Only 30% of the medicines on the country’s priority procurement list are locally manufactured, and nearly all active pharmaceutical ingredients are imported. While domestic producers are supported through buyback guarantees and price markups, many cannot achieve economies of scale, particularly for low-volume, high-cost items. As a result, these products are often far more expensive than international benchmarks. Meanwhile, the workforce behind Sri Lanka’s pharmaceutical supply chain lacks the specialized training needed for modern supply chain management. Although pharmacy degree programs exist at several universities, none offer courses on pharmaceutical logistics or procurement.
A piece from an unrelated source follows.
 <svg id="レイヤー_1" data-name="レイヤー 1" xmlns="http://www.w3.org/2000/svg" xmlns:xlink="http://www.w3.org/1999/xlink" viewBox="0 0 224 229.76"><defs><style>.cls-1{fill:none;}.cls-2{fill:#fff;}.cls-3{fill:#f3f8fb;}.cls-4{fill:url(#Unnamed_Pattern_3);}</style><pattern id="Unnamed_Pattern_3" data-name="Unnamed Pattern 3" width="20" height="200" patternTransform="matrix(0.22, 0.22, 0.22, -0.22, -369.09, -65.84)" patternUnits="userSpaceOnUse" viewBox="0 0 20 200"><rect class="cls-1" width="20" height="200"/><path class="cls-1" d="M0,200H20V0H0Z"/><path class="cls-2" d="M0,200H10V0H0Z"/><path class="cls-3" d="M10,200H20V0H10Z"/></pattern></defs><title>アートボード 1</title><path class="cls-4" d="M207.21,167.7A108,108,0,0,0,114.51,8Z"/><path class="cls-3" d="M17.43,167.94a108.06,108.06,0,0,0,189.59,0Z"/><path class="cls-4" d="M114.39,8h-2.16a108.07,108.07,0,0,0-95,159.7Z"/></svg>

There are no in-service training programs available, and many staff at primary and secondary care levels are without formal pharmaceutical qualifications.

A Call for Strategic Overhaul

The assessment concludes with a stark message: while Sri Lanka’s foundational commitment to equitable healthcare is laudable, the pharmaceutical supply chain must evolve or risk collapse under future shocks. The report outlines seven key reform pathways, including strengthening governance, modernizing procurement through digital tools and strategic contracts, optimizing distribution networks, upgrading data analytics, enhancing quality assurance systems, training a skilled pharmaceutical workforce, and exploring regional partnerships for pooled procurement and market access. Drawing on international best practices from India’s essential medicines policy to New Zealand’s price negotiation models the report urges Sri Lanka to transition from a rigid, centrally controlled model to a more flexible, data-driven, and performance-oriented system. If implemented effectively, these reforms could not only stabilize medicine availability in the short term but also transform Sri Lanka’s pharmaceutical supply chain into a regional model of efficiency, transparency, and resilience.